Reuters also reported that China is planning targeted tax cuts while increasing government spending, Finance Minister Liu Kun wrote Sunday in China’s Communist Party magazine Qiushi.
More stimulus from the central banks is likely to provide longer-term support for gold prices, but over the short-run, gold is likely to be underpinned the most by falling Treasury yields and lower demand for risky assets.
The drop in global equity markets in Asia and Europe is likely to keep a floor under gold prices on Tuesday. The buying could accelerate if U.S. markets continue to weaken during their trading session.
The blue chip Dow Jones Industrial Average is expected to open lower based on the early futures market trade. The market is being initially pressured by a plunge in shares of Apple. Another Dow component, Walmart, is also expected to be under some pressure after reporting earnings that fell short of Wall Street expectations.
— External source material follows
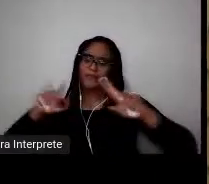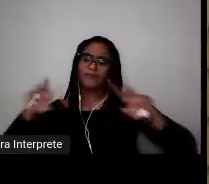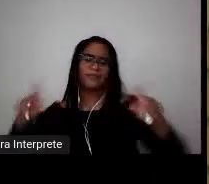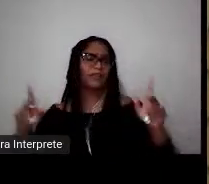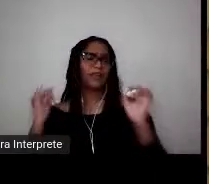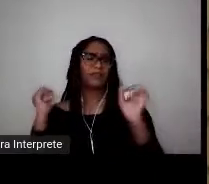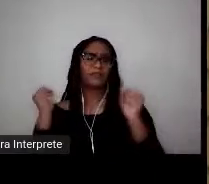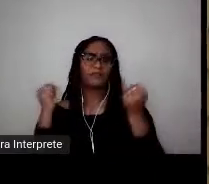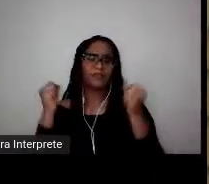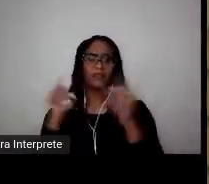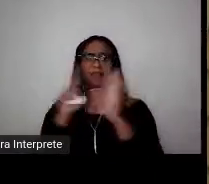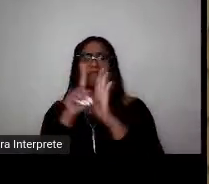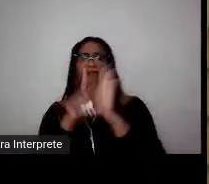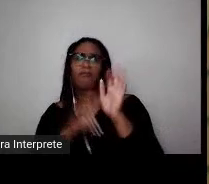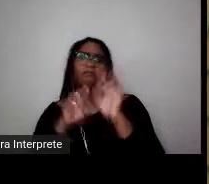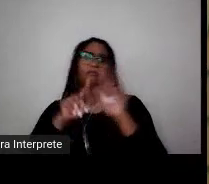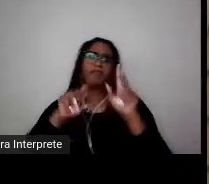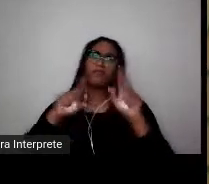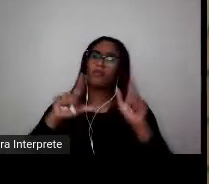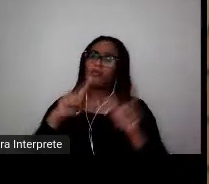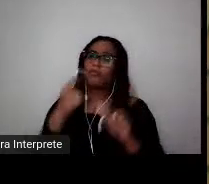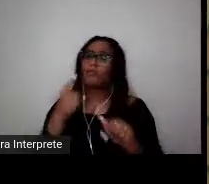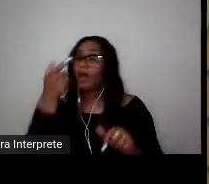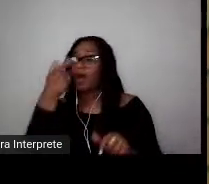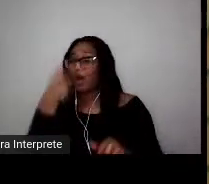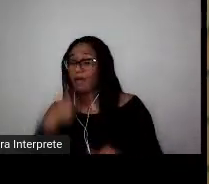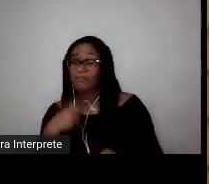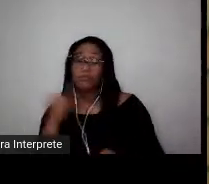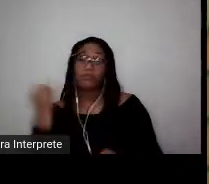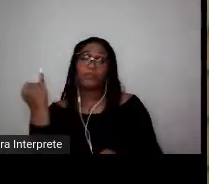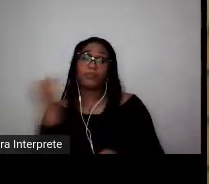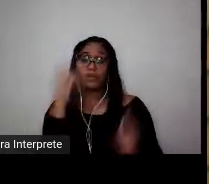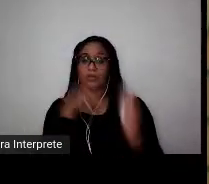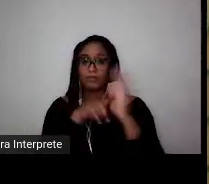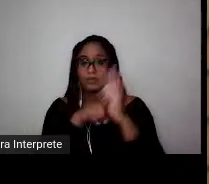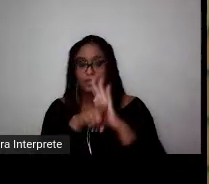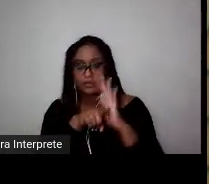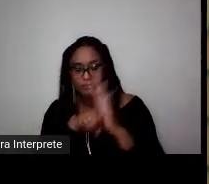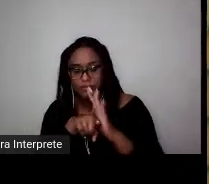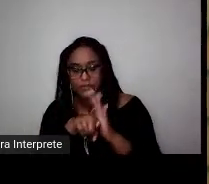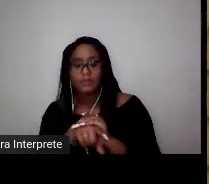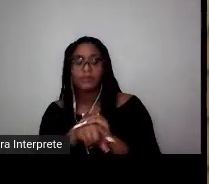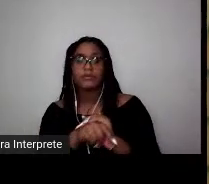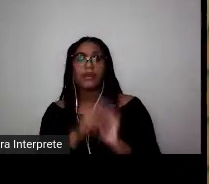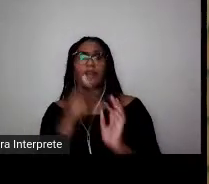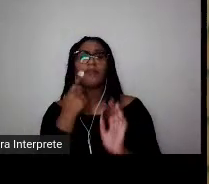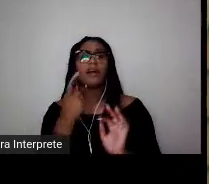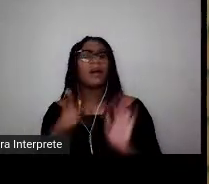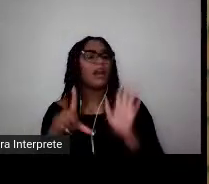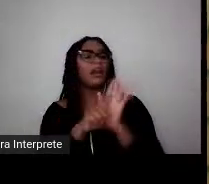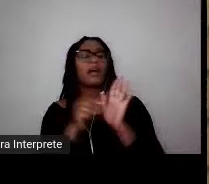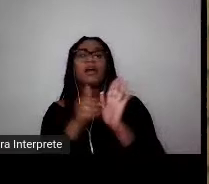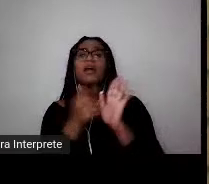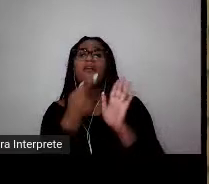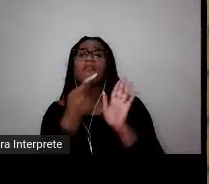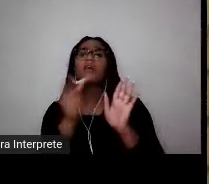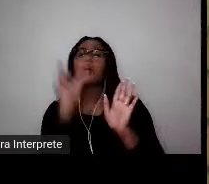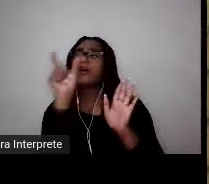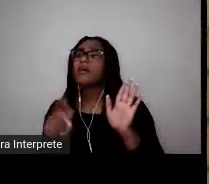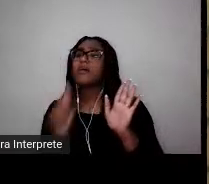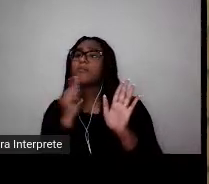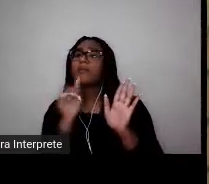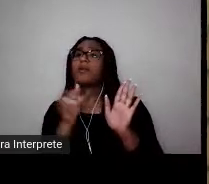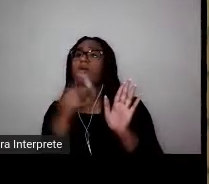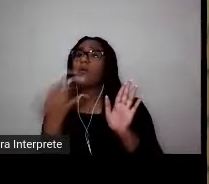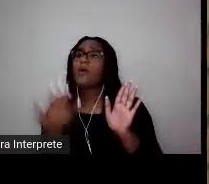do direito, né? Enfim, sobre quais mulheres essa lei se referia e proibia a prática esportiva? Que natureza
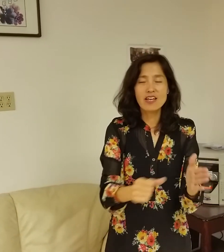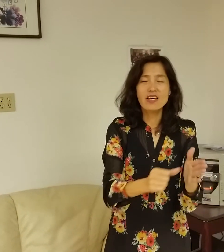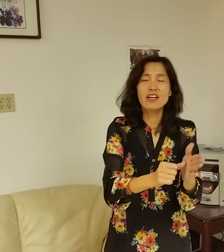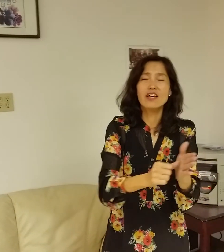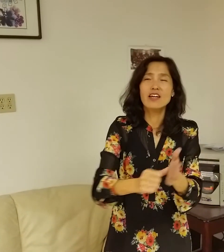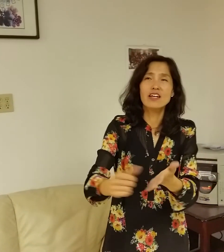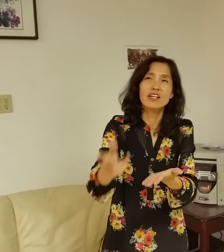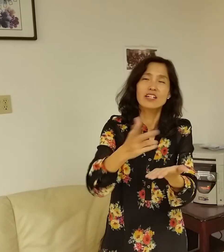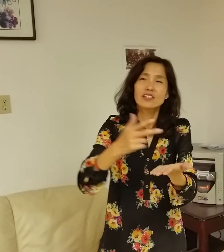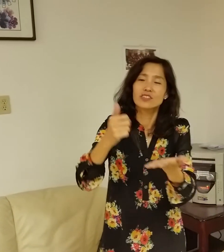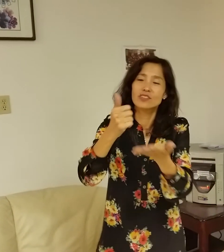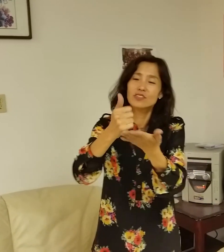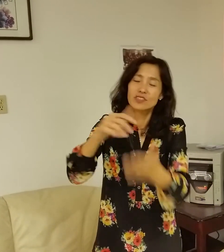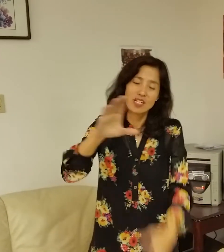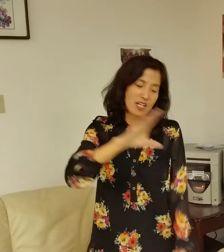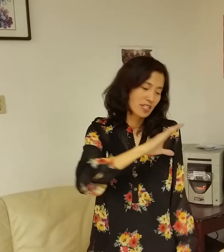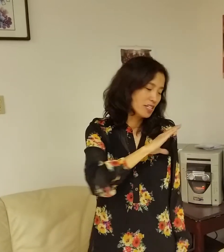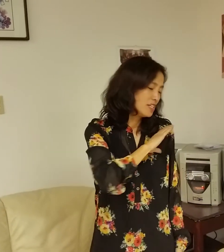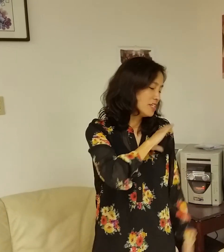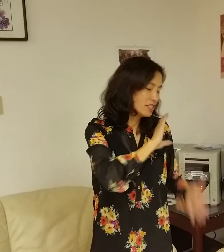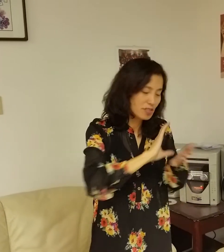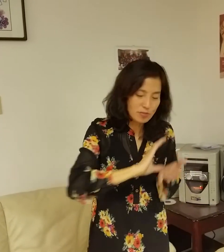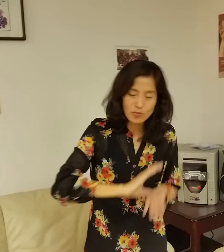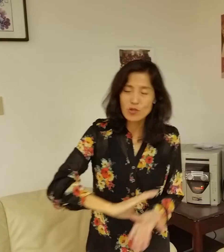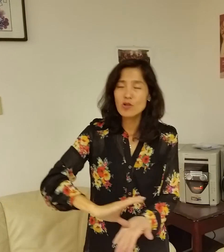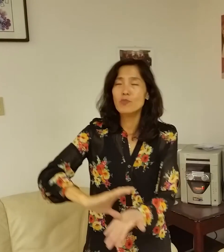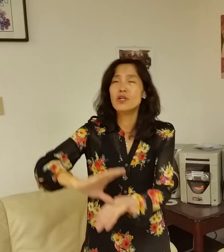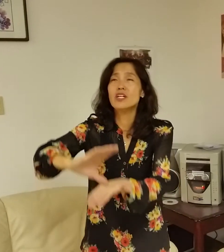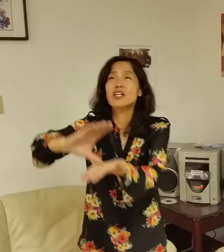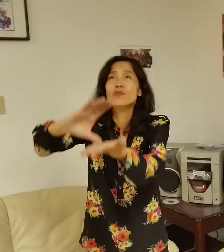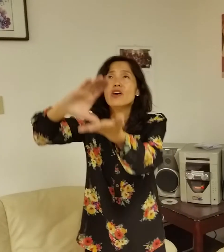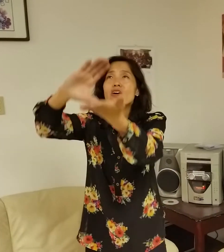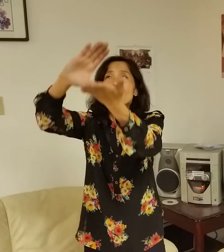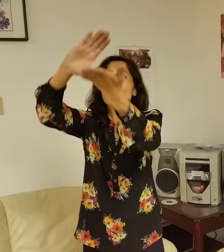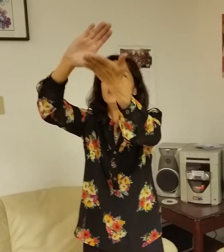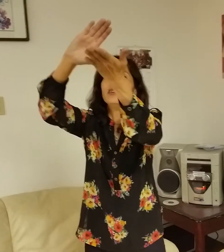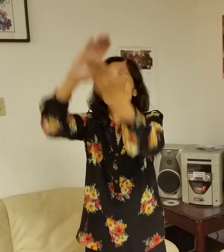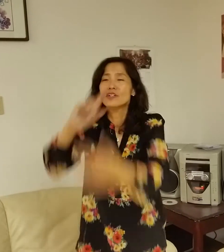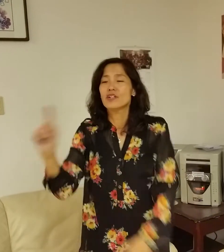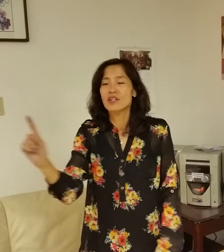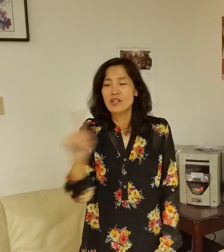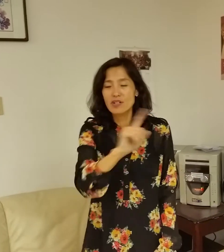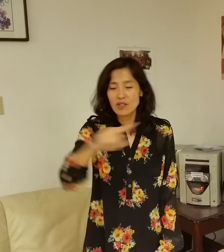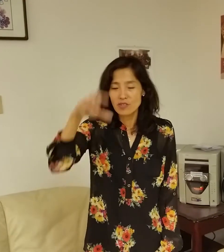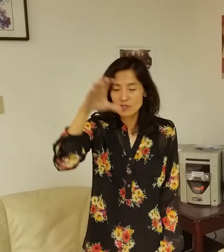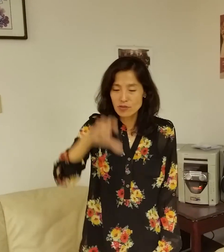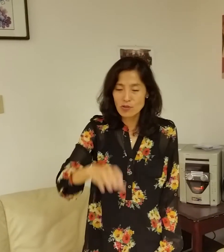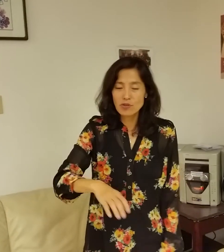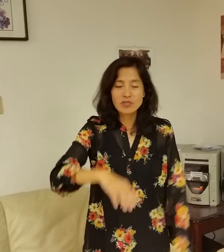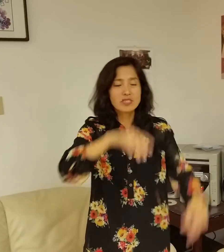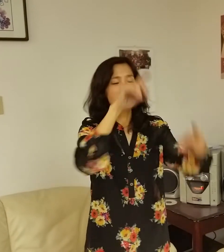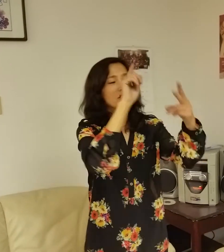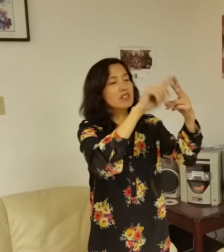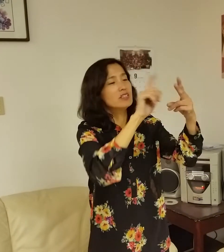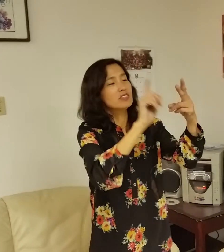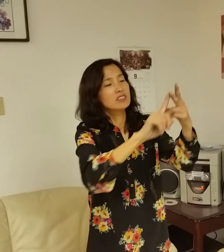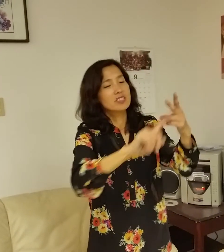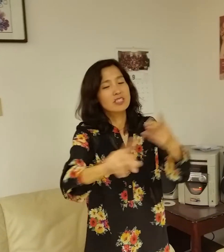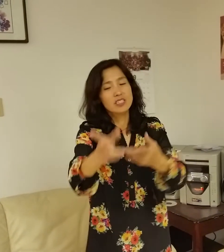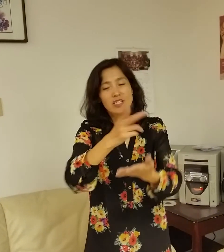주의 이름 높이며 어느 곳에서든지

April Comex gold will be primarily guided by the direction of U.S. Treasury yields since they have a direct impact on the value of the U.S. Dollar.
The benchmark 10-year Treasury note yield fell to 1.5457%, while the yield on the 30-year Treasury bond was also lower at around 1.9944%.
The 3-month Treasury yield remains inverted against the 1-year, 2-year, 5-year and 10-year Treasury yields. These are early indications that investors are preparing for a recession.
On the data front, Dollar/Yen investors are likely to be influenced by Empire State manufacturing figures for February and the National Association of Home Builders (NAHB) survey for February.